Error bars shown in Figs. 14 are determined by computing MSDs and resulting viscosities from five random subsets of each dataset and computing the standard error across the subsets.

We note that while our system is out-of-equilibrium, we tune the digestion rates to be several orders of magnitude slower than the longest polymer relaxation times of the fluids as well as the video acquisition time. Specifically, the fastest time at which full digestion occurs is τc 30 min (see Figs. 1 and 4) compared to polymer relaxation time of Td 2 s and data acquisition time of 120 s. As such, the number of cleavages within one relaxation time is χ ≡ Td/τc 10−3 and is  0.05 within one acquisition time. Thus, we can consider our system to be in quasi-steady-state with respect to the architectural degrees of freedom during each of our time-resolved measurements, allowing for unambiguous determination of diffusion coefficients and viscosity.
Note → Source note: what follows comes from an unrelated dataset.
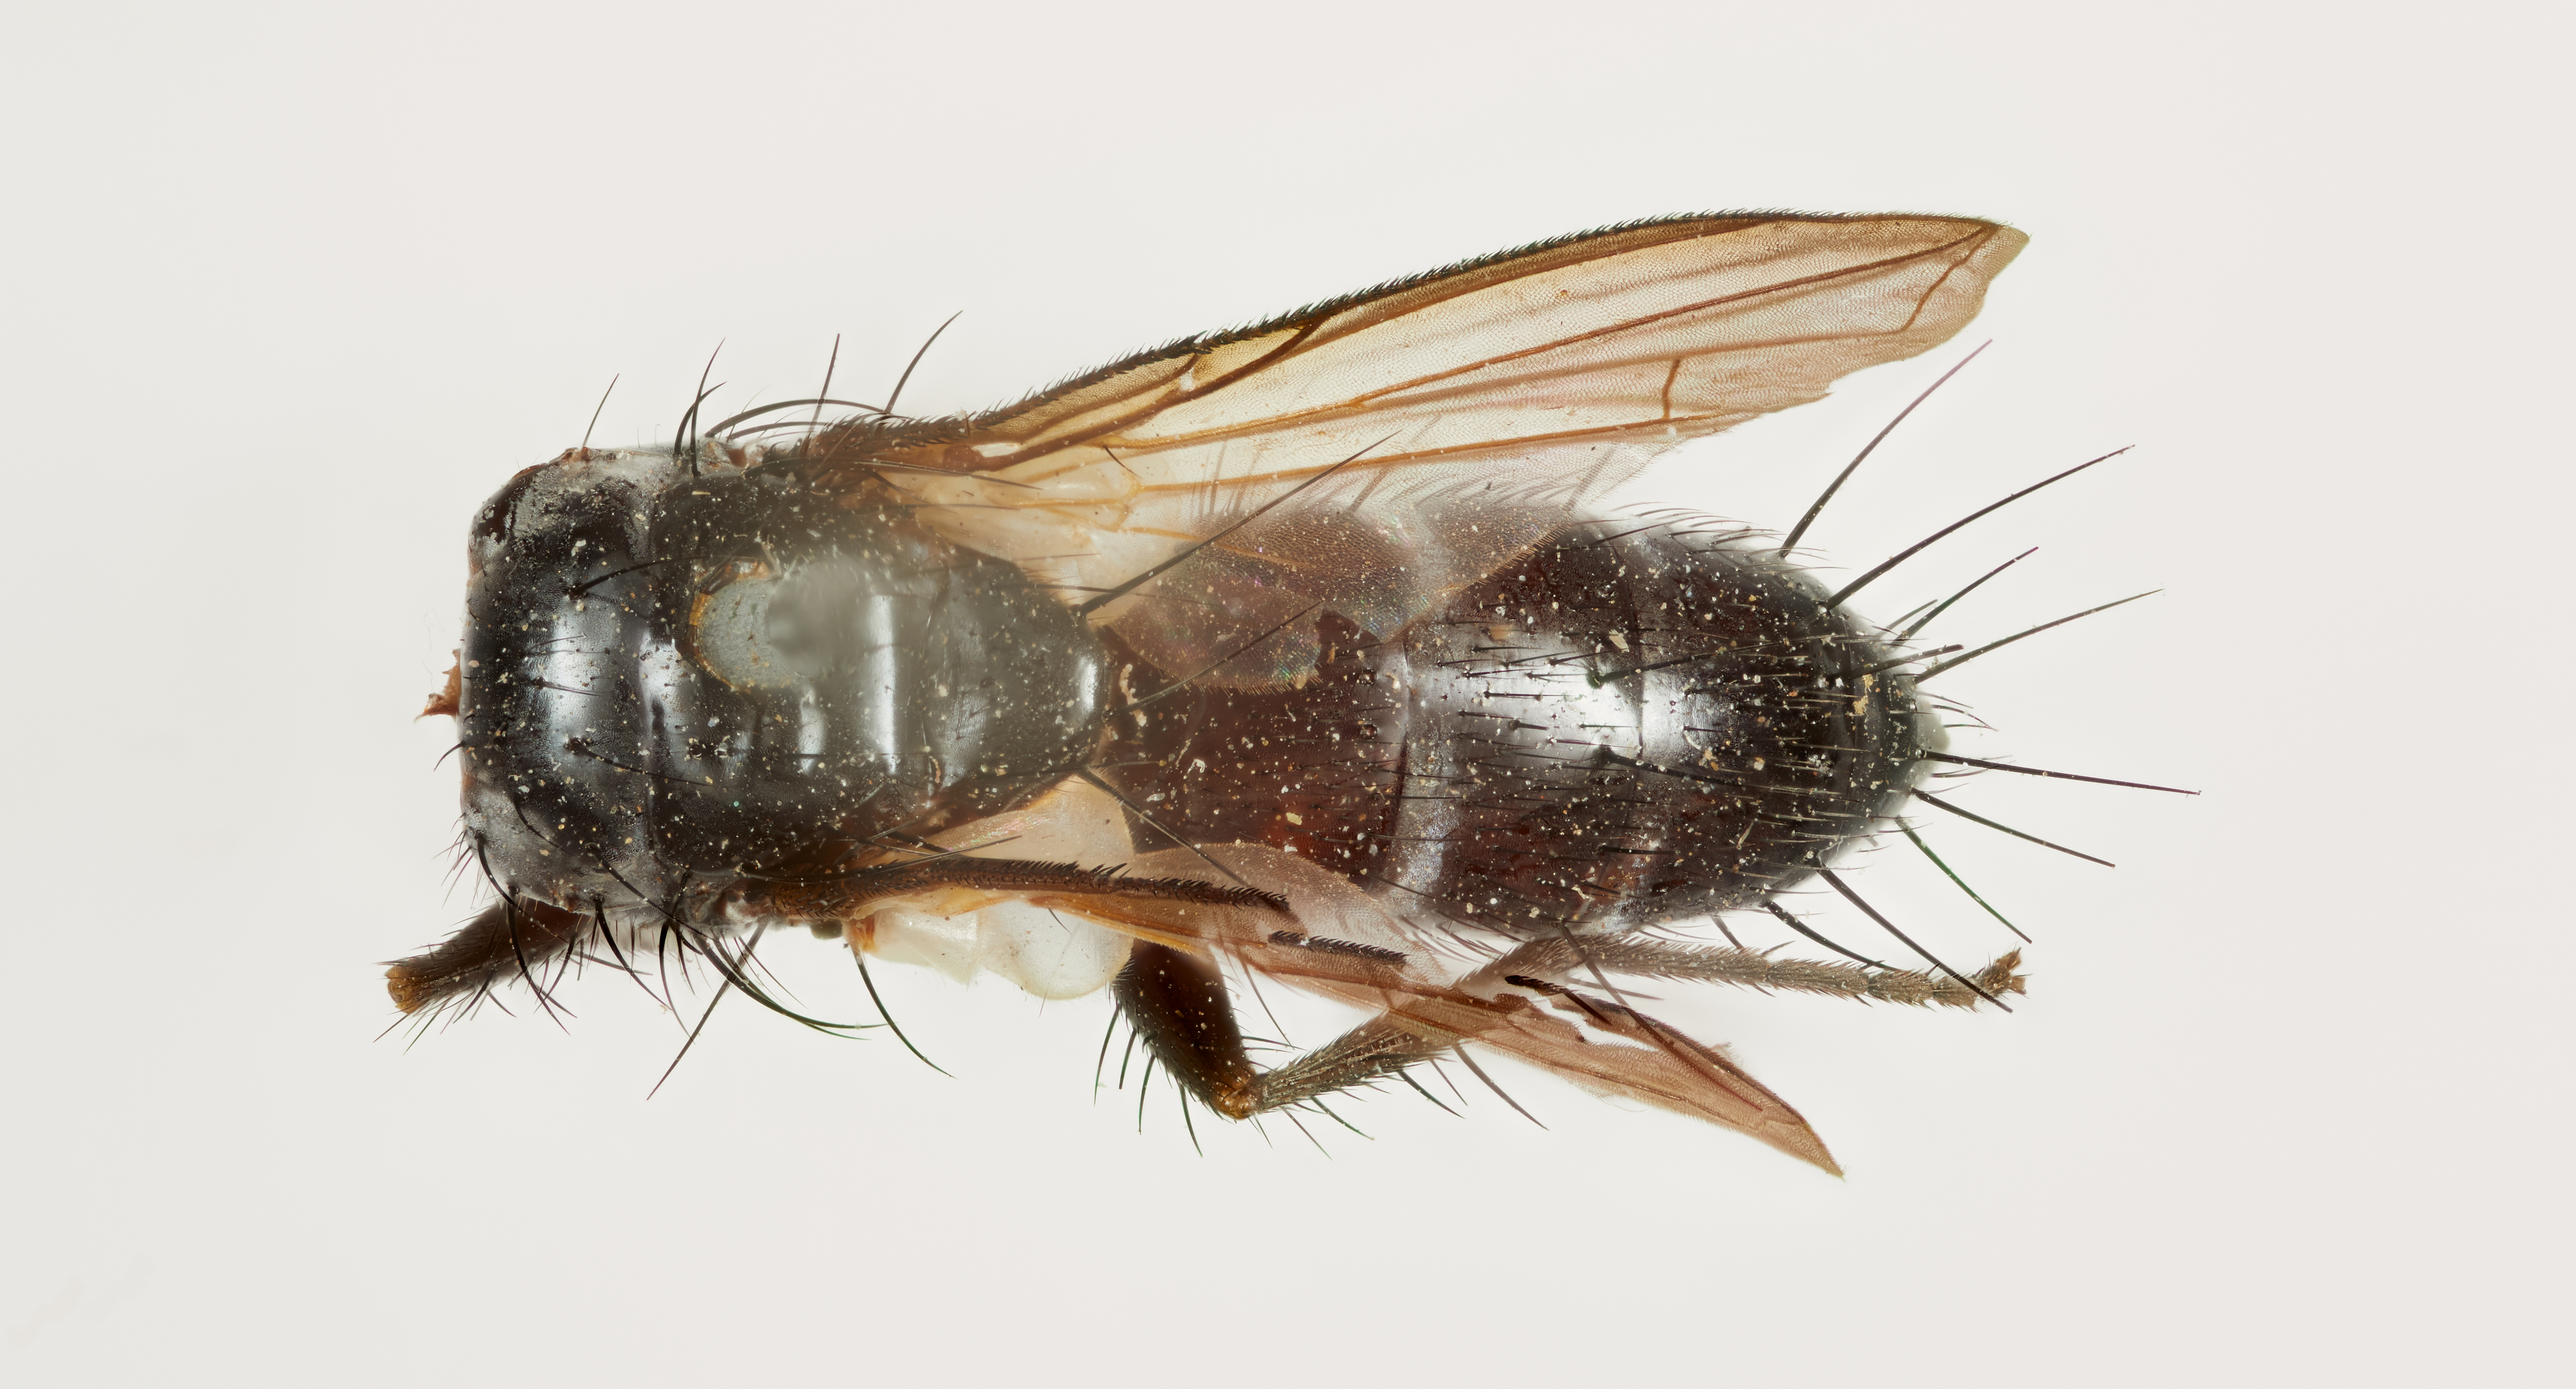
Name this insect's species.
Admontia polita
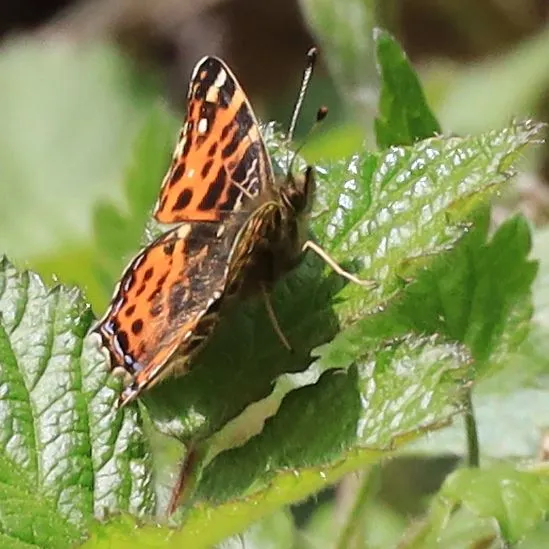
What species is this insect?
Araschnia levana

Generalised Stokes–Einstein relation

In order to obtain the frequency-dependent complex viscosity and moduli of the fluids from MSD(t) curves we use the generalised Stokes–Einstein relation, adopting the method by Mason55, which we implement in custom-written Mathematica code. We first interpolate the MSD with a 2nd-order interpolation curve f(t), then compute the time-dependent exponent as

$$\alpha (t)=\frac{d\log f(t)}{d\log t}\,,$$
(3)

which can be expressed in the frequency domain as

$$\alpha (\omega )={\frac{d\log f(t)}{d\log t} \bigg|}_{t=1/\omega }\,,$$
(4)

and use the semi-analytical formula for the absolute value of the complex modulus55

$$|G{(\omega )}^{*} \vert=\frac{{k}_{{{{{{\mathrm{B}}}}}}}T}{\pi a(i\omega ){{{{{\mathrm{MSD}}}}}}(1/\omega ){{\Gamma }}[1+\alpha (\omega )]}\,.$$
(5)

From this expression, we can obtain

$${G}^{\prime}(\omega )=\vert {G}^{*}(\omega )|\cos \pi \alpha (\omega )/2\,,$$
(6)
$${G}^{^{\prime\prime} }(\omega )=\vert {G}^{*}(\omega )|\sin \pi \alpha (\omega )/2\,,$$
(7)
$${\eta }^{*}(\omega )=\frac{{G}^{*}(\omega )}{i\omega }\,.$$
(8)

Brownian dynamics simulations

As detailed in Supplementary Note 1 and in refs. 12,65, we model DNA as a twistable elastic chain. Potentials (detailed in the Supplementary Note 1) are set to account for excluded volume, bonding and chain stiffness in line with those known for DNA. The simulations are performed at fixed monomer density \(\rho {\sigma }_{b}^{3}=0.08\) and \(\rho {\sigma }_{b}^{3}=0.006\), equivalent to ~39 mg/ml and 3 mg/ml of DNA (σb = 2.5 nm = 7.35 bp is the typical size of a bead). The equations of motion for each bead are evolved and coupled to a heat bath, which provides noise and friction. The equation of motion for each Cartesian component is

$${m}_{a}{\partial }_{tt}{r}_{a}=-\nabla {U}_{a}-{\gamma }_{a}{\partial }_{t}{r}_{a}+\sqrt{2{k}_{{{{{{\mathrm{B}}}}}}}T{\gamma }_{a}}{\eta }_{a}(t)\,,$$
(9)

where ma and γa are the mass and the friction coefficient of bead a, and ηa is its stochastic noise vector satisfying the fluctuation-dissipation theorem. U is the sum of the energy fields described. The simulations are performed in LAMMPS83 with m = γ = kB = T = 1 and using a velocity-Verlet algorithm with integration time step Δt = 0.002 τB, where τB = γσ2/kBT 0.03 μs (using γ = 3πηwaterσ with ηwater = 1 cP and σ = 2.5 nm) is the Brownian time. To mimic different stages of DNA digestion by restriction enzymes with single restriction sites we remove a single bead from a different fraction f of rings together with the angles and dihedrals in which it is involved. Subsequently, we set the dihedral constant of all the dihedrals belonging to the fraction f of rings to kψ = 0kBT mimicking fully relaxed linear segments of DNA. This implementation assumes, as suggested by recent simulations, that twist diffuses much faster than writhe66.